Recently, the American Census Bureau changed the geographical entities reported in the state of Connecticut, as discussed here. Previously, data was reported in the following 8 counties:
CT_counties <- data.frame(county = c("Fairfield County, CT",
"Hartford County, CT",
"Litchfield County, CT",
"Middlesex County, CT",
"New Haven County, CT",
"New London County, CT",
"Tolland County, CT",
"Windham County, CT"),
fips = c("09001",
"09003",
"09005",
"09007",
"09009",
"09011",
"09013",
"09015"))
As usmap
has been updated to facilitate this change, the new 9 planning regions used are:
CT_regions <- data.frame(region = c("Capitol Planning Region",
"Greater Bridgeport Planning Region",
"Lower Connecticut River Valley Planning Region",
"Naugatuck Valley Planning Region",
"Northeastern Connecticut Planning Region",
"Northwest Hills Planning Region",
"South Central Connecticut Planning Region",
"Southeastern Connecticut Planning Region",
"Western Connecticut Planning Region"),
fips = c("09110",
"09120",
"09130",
"09140",
"09150",
"09160",
"09170",
"09180",
"09190"))
Because usmap
uses the new shapefiles, the following code works:
library(usmap)
plotdf <- data.frame(fips = CT_regions$fips, vals = rnorm(9))

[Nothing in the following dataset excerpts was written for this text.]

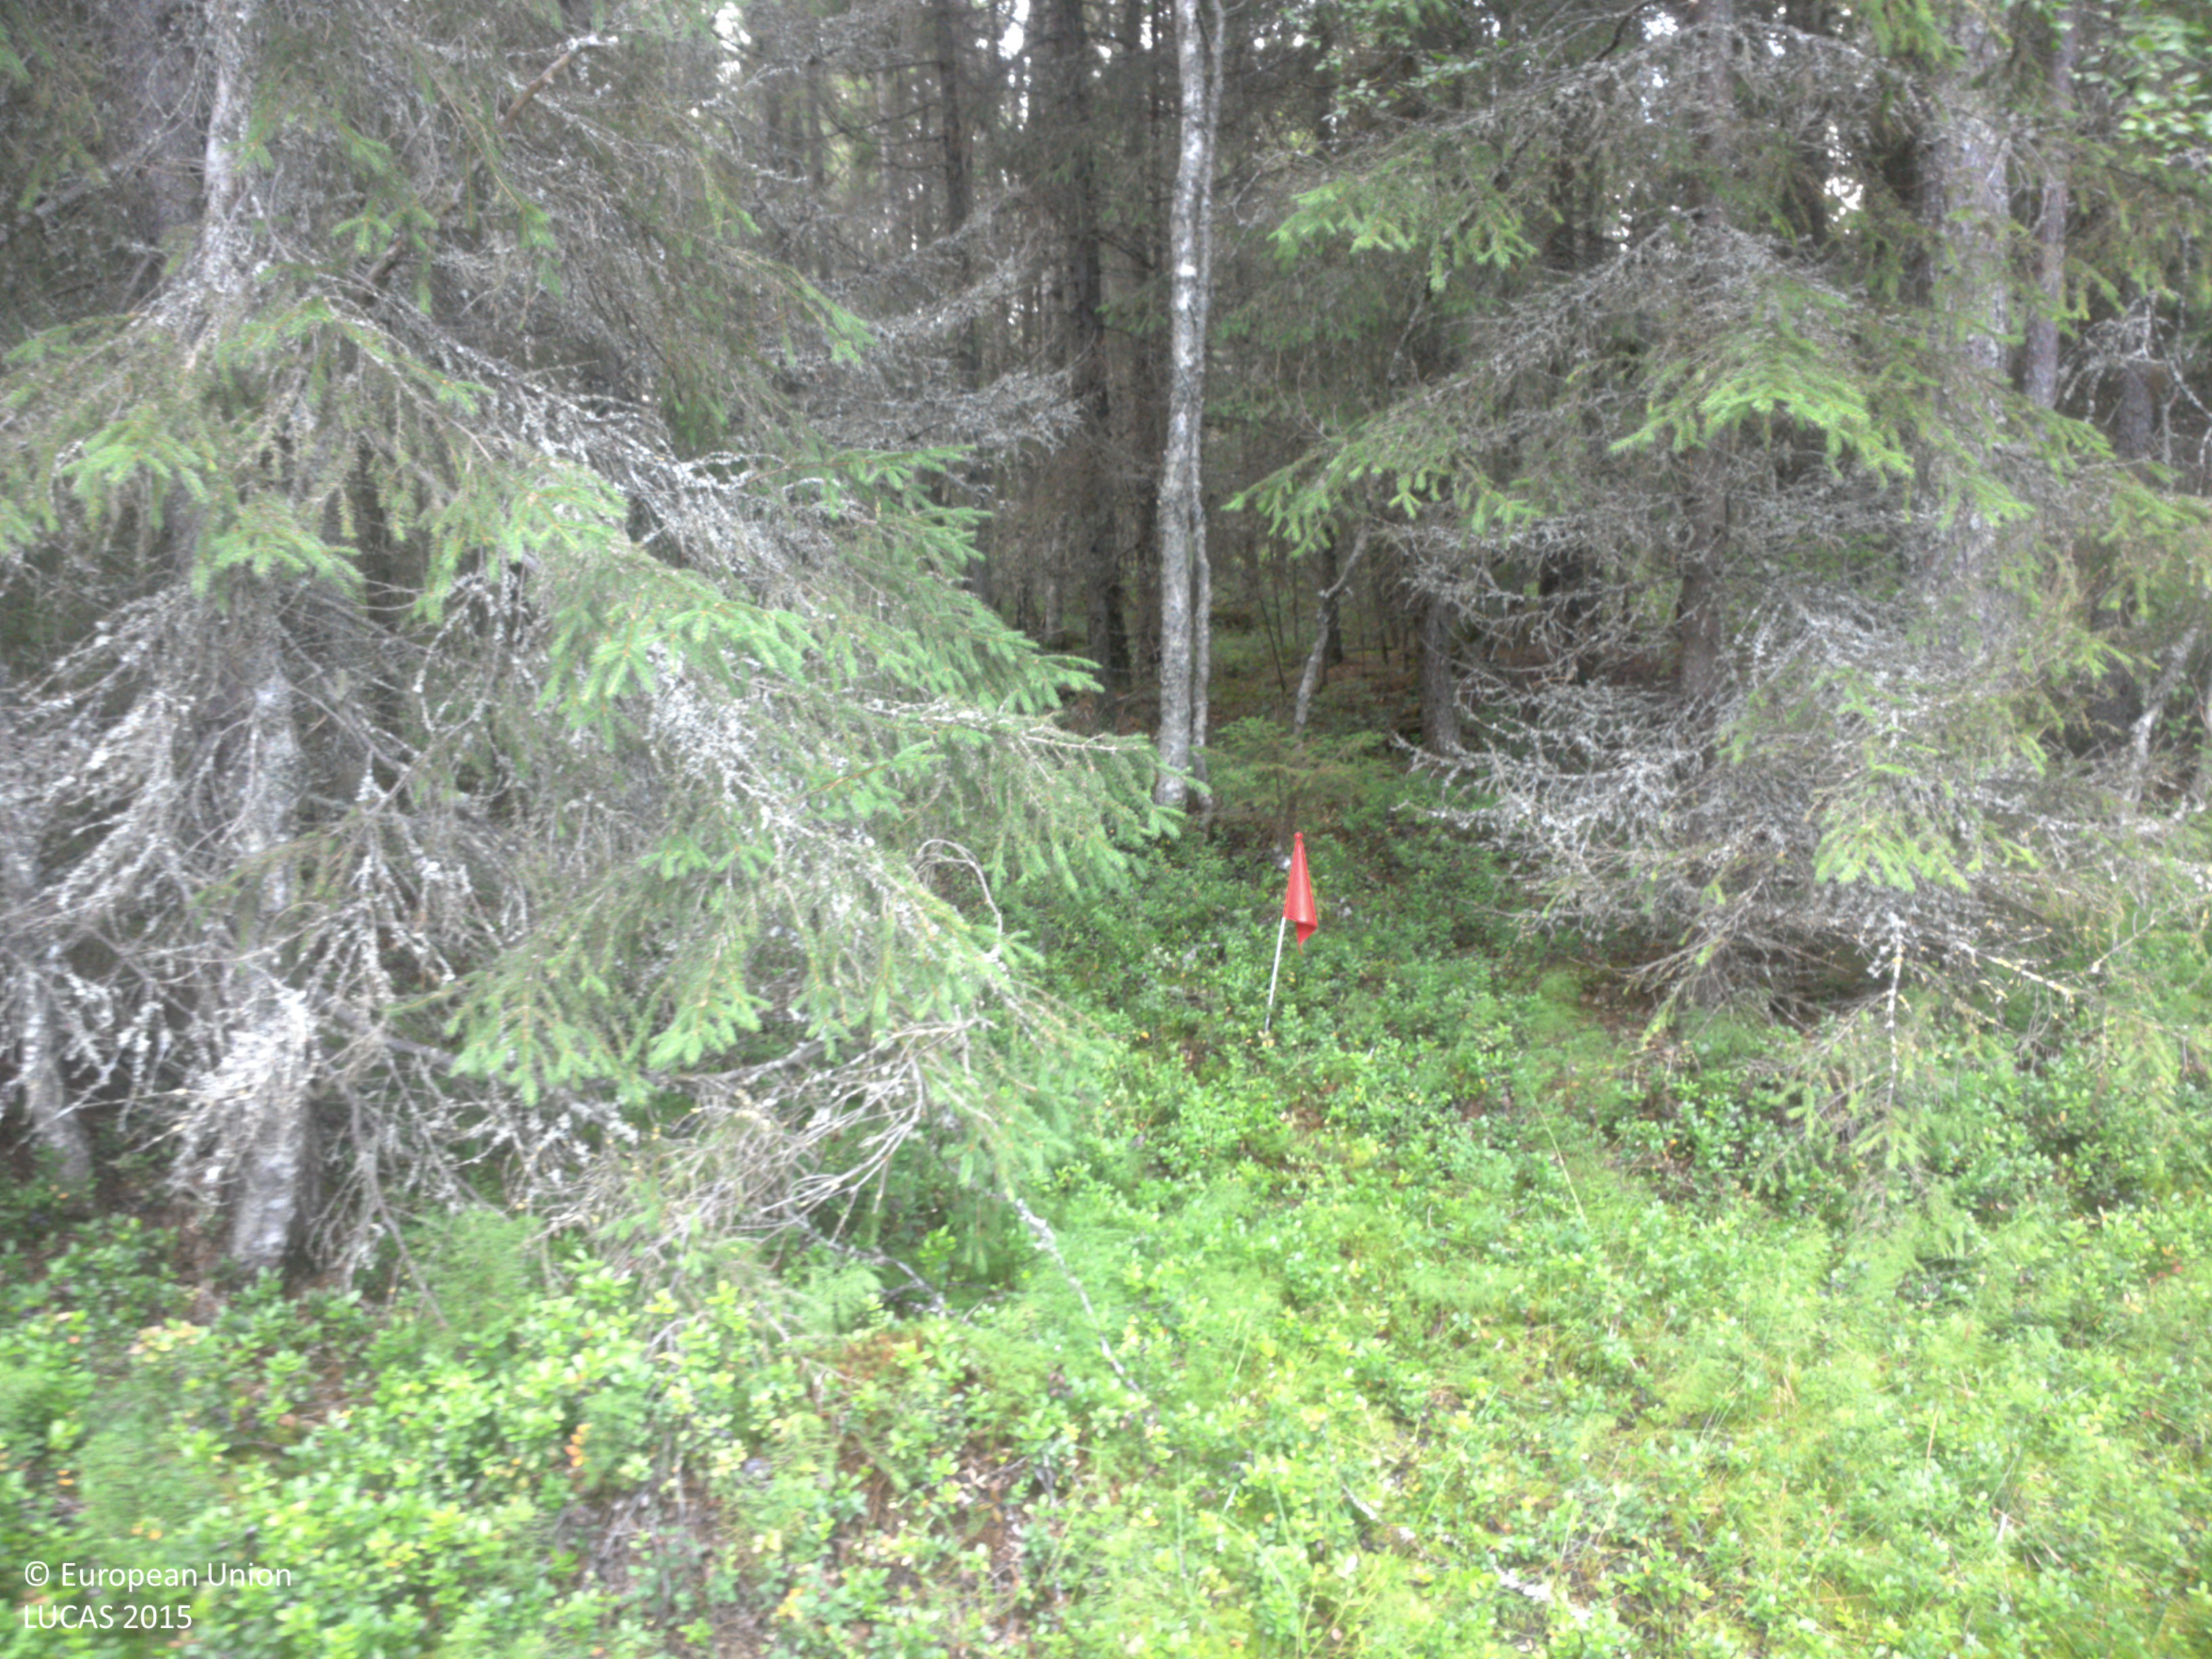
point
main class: Woodland
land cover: Other mixed woodland
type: boreal forest
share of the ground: 50 - 75 %
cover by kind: coniferous forest trees 40 %, broadleaved forest trees 20 %, shrubs 20 %, herbaceous plants 20 %
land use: Forestry
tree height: > 5 m
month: July
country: SE
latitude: 63.4822
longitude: 19.3950

plot_usmap(data = plotdf, values = "vals",
include = c("MA", "CT", "RI"),
labels = FALSE)
Producing the following image:
But, since a lot of data is reported at the older county level, it is useful to still be able to plot those. However, this no longer works. The following code gives nothing useful:
library(usmap)
plotdf <- data.frame(fips = CT_counties$fips, vals = rnorm(8))
plot_usmap(data = plotdf, values = "vals",
include = c("MA", "CT", "RI"),
labels = FALSE)
Question: Using usmap
, is there any easy way to plot the counties previously used for Connecticut (CT_counties
) ? Particularly a way that does not involve going back to previous versions of usmap
. As it is useful to be able to do both things in the same script.
To elaborate on my comment, the workflow for creating choropleth maps for 2021 and years prior to Connecticut's shift to planning regions would look something like this:
First, we grab the TIGER shapeline files using tigris::counties
function. Note that since we are going directly to the TIGER files, we won't use usmap("counties")
in the workflow since it uses FIPS codes from 2022.
library(tigris)
library(dplyr)
library(ggplot2)
options(tigris_use_cache = TRUE)
CT_county_shp <- counties(state = "CT", year = 2021)
CT_counties <- data.frame(
county = c(
"Fairfield County, CT",
"Hartford County, CT",
"Litchfield County, CT",
"Middlesex County, CT",
"New Haven County, CT",
"New London County, CT",
"Tolland County, CT",
"Windham County, CT"
),
fips = c(
"09001",
"09003",
"09005",
"09007",
"09009",
"09011",
"09013",
"09015"
),
# This can be any variable(s) as long as we have the correct FIPS codes
vals = rnorm(8)
)
Next, we join our counties data frame to our counties shapefile that we downloaded from the US Census Bureau (I use tidyverse
tools here, but base R or data.table
works as well):
CT_counties_clean <- left_join(
CT_county_shp,
CT_counties,
by = join_by("GEOID"=="fips"),
keep = TRUE
) |>
select(
county,
fips,
vals,
geometry
)
Our CT_counties_clean
data frame should also be a simple features, or sf
, object (e.g., class(CT_counties_clean)
returns both data.frame
and sf
). The geometry
column is a list
column containing multipolygon geometries, which is identical to the geom
column of usmap("counties")
. Since plot_usmap()
uses ggplot()
under the hood, but doesn't allow us to join our data to anything other than the 2022 counties, we can just construct our own ggplot()
instead, such as:
ggplot() +
geom_sf(data = CT_counties_clean, aes(fill = vals)) +
labs(title = "CT Counties (2021)") +
theme_void()
From there, you can modify the map to your liking to add labels, custom colors, fonts, etc., as well as playing around with the map projections. usmap_crs()
indicates that the default CRS for usmap
objects is EPSG 9311 coordinate reference system, whereas fetching CT counties from tigris
and running sf::st_crs()
shows that the TIGER files are in the EPSG 4269 coordinate reference system. You'll want to ensure that you are using the same CRS for your 2021 and 2022 CT county maps. Hope this helps you along!